▶ [YOUR ASSIGNMENT]:
Out of the data below, copy every line with the string "DIRECTION".

Data items:
+++

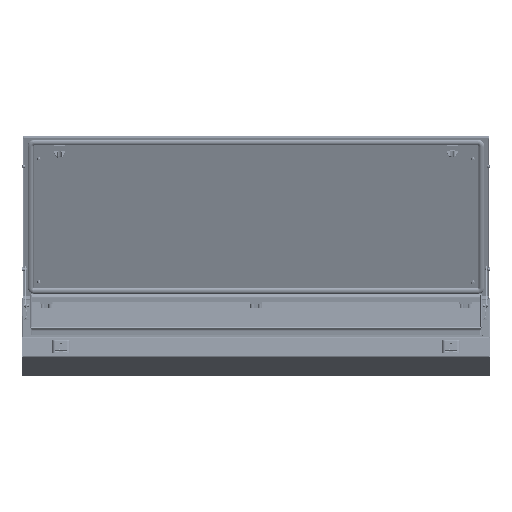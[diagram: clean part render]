
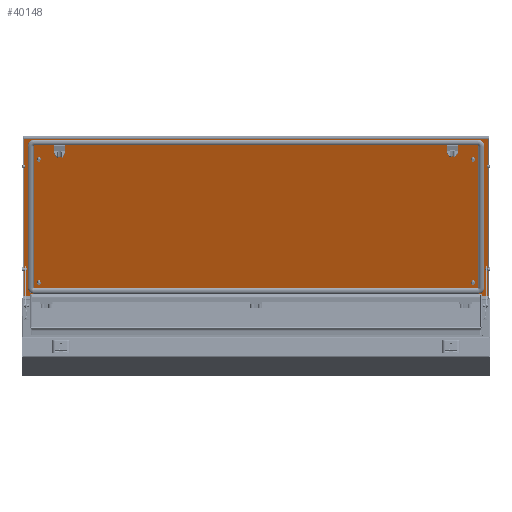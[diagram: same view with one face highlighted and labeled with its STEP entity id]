
A CAD part, front view. The second image highlights one B-rep face of the part: STEP entity #40148.
In plain terms, the highlighted face is planar.
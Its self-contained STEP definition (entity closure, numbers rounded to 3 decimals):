
#21395 = DIRECTION ( 'NONE',  ( -1., 0., 0. ) ) ;
#21409 = CARTESIAN_POINT ( 'NONE',  ( 219.5, -595.5, 2. ) ) ;
#21420 = CARTESIAN_POINT ( 'NONE',  ( 218.5, 595.5, 2. ) ) ;
#21429 = DIRECTION ( 'NONE',  ( 0., -1., 0. ) ) ;
#21432 = DIRECTION ( 'NONE',  ( 1., 0., 0. ) ) ;
#21437 = CARTESIAN_POINT ( 'NONE',  ( -219.5, 595.5, 2. ) ) ;
#21447 = CARTESIAN_POINT ( 'NONE',  ( -218.5, -595.5, 2. ) ) ;
#21450 = DIRECTION ( 'NONE',  ( 0., 1., 0. ) ) ;
#23526 = FACE_OUTER_BOUND ( 'NONE', #75722, .T. ) ;
#24490 = VERTEX_POINT ( 'NONE', #95911 ) ;
#24491 = VERTEX_POINT ( 'NONE', #95913 ) ;
#24504 = VERTEX_POINT ( 'NONE', #95968 ) ;
#24507 = VERTEX_POINT ( 'NONE', #95987 ) ;
#40148 = ADVANCED_FACE ( 'NONE', ( #23526 ), #51988, .T. ) ;
#51981 = CARTESIAN_POINT ( 'NONE',  ( -219.5, -596.5, 2. ) ) ;
#51988 = PLANE ( 'NONE',  #54430 ) ;
#51990 = DIRECTION ( 'NONE',  ( 0., 0., 1. ) ) ;
#51991 = DIRECTION ( 'NONE',  ( 1., 0., 0. ) ) ;
#53492 = EDGE_CURVE ( 'NONE', #24490, #24491, #140795, .T. ) ;
#53499 = EDGE_CURVE ( 'NONE', #24507, #24490, #140826, .T. ) ;
#53503 = EDGE_CURVE ( 'NONE', #24504, #24507, #140835, .T. ) ;
#53508 = EDGE_CURVE ( 'NONE', #24491, #24504, #140852, .T. ) ;
#54430 = AXIS2_PLACEMENT_3D ( 'NONE', #51981, #51990, #51991 ) ;
#75722 = EDGE_LOOP ( 'NONE', ( #84220, #84223, #84226, #84229 ) ) ;
#84220 = ORIENTED_EDGE ( 'NONE', *, *, #53492, .F. ) ;
#84223 = ORIENTED_EDGE ( 'NONE', *, *, #53499, .F. ) ;
#84226 = ORIENTED_EDGE ( 'NONE', *, *, #53503, .F. ) ;
#84229 = ORIENTED_EDGE ( 'NONE', *, *, #53508, .F. ) ;
#95911 = CARTESIAN_POINT ( 'NONE',  ( 218.5, -595.5, 2. ) ) ;
#95913 = CARTESIAN_POINT ( 'NONE',  ( -218.5, -595.5, 2. ) ) ;
#95968 = CARTESIAN_POINT ( 'NONE',  ( -218.5, 595.5, 2. ) ) ;
#95987 = CARTESIAN_POINT ( 'NONE',  ( 218.5, 595.5, 2. ) ) ;
#140795 = LINE ( 'NONE', #21409, #140823 ) ;
#140823 = VECTOR ( 'NONE', #21395, 1000. ) ;
#140826 = LINE ( 'NONE', #21420, #140838 ) ;
#140835 = LINE ( 'NONE', #21437, #140849 ) ;
#140838 = VECTOR ( 'NONE', #21429, 1000. ) ;
#140849 = VECTOR ( 'NONE', #21432, 1000. ) ;
#140852 = LINE ( 'NONE', #21447, #140863 ) ;
#140863 = VECTOR ( 'NONE', #21450, 1000. ) ;

+++

▶ [FINISHED EXERCISE]:
#21395 = DIRECTION ( 'NONE',  ( -1., 0., 0. ) ) ;
#21429 = DIRECTION ( 'NONE',  ( 0., -1., 0. ) ) ;
#21432 = DIRECTION ( 'NONE',  ( 1., 0., 0. ) ) ;
#21450 = DIRECTION ( 'NONE',  ( 0., 1., 0. ) ) ;
#51990 = DIRECTION ( 'NONE',  ( 0., 0., 1. ) ) ;
#51991 = DIRECTION ( 'NONE',  ( 1., 0., 0. ) ) ;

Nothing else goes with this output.